(Saved data entries)
BEGIN

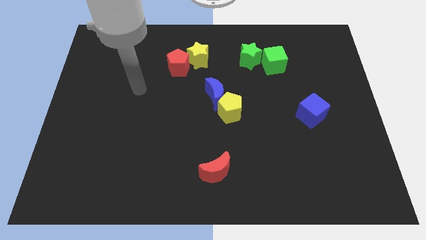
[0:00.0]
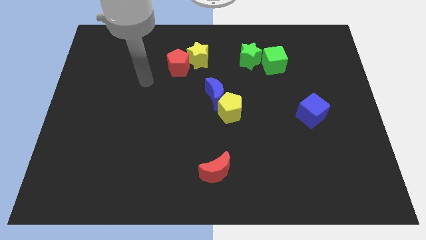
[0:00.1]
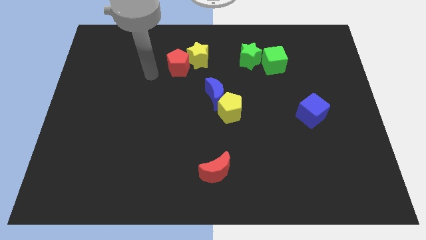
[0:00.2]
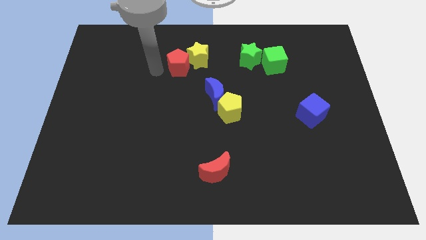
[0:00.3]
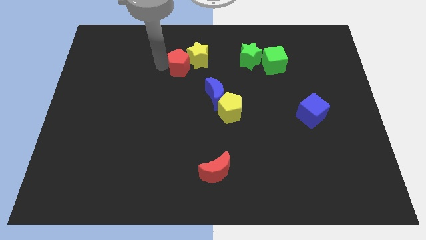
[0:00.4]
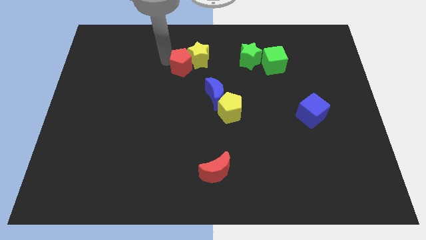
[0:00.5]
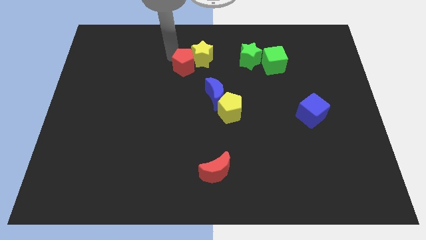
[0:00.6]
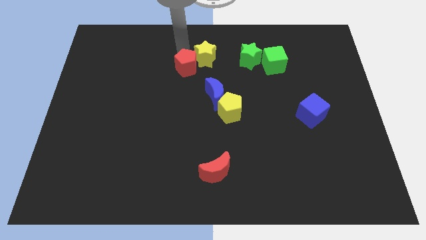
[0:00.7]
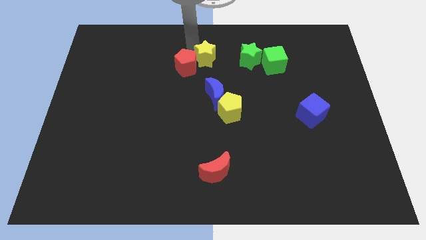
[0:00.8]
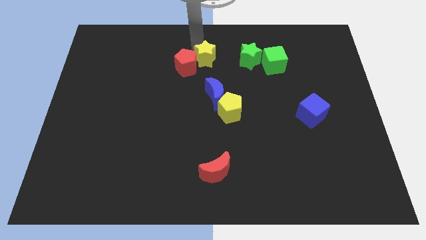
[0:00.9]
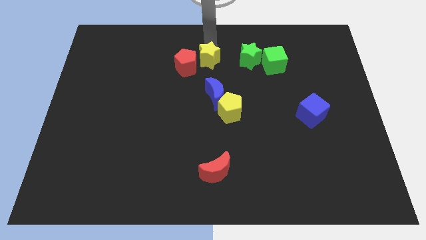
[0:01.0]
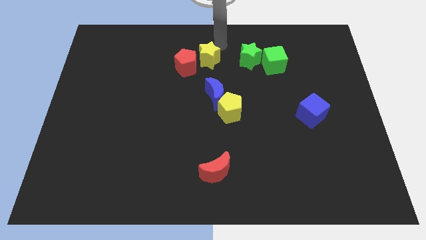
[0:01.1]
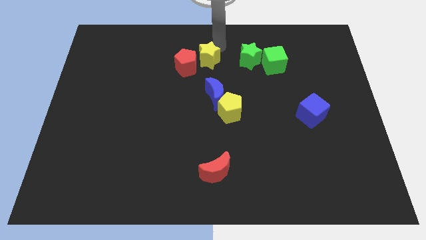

END

Work instruction:
Every line of the data above should be returned exactly, with the pictures removed.

Response:
[0:00.0]
[0:00.1]
[0:00.2]
[0:00.3]
[0:00.4]
[0:00.5]
[0:00.6]
[0:00.7]
[0:00.8]
[0:00.9]
[0:01.0]
[0:01.1]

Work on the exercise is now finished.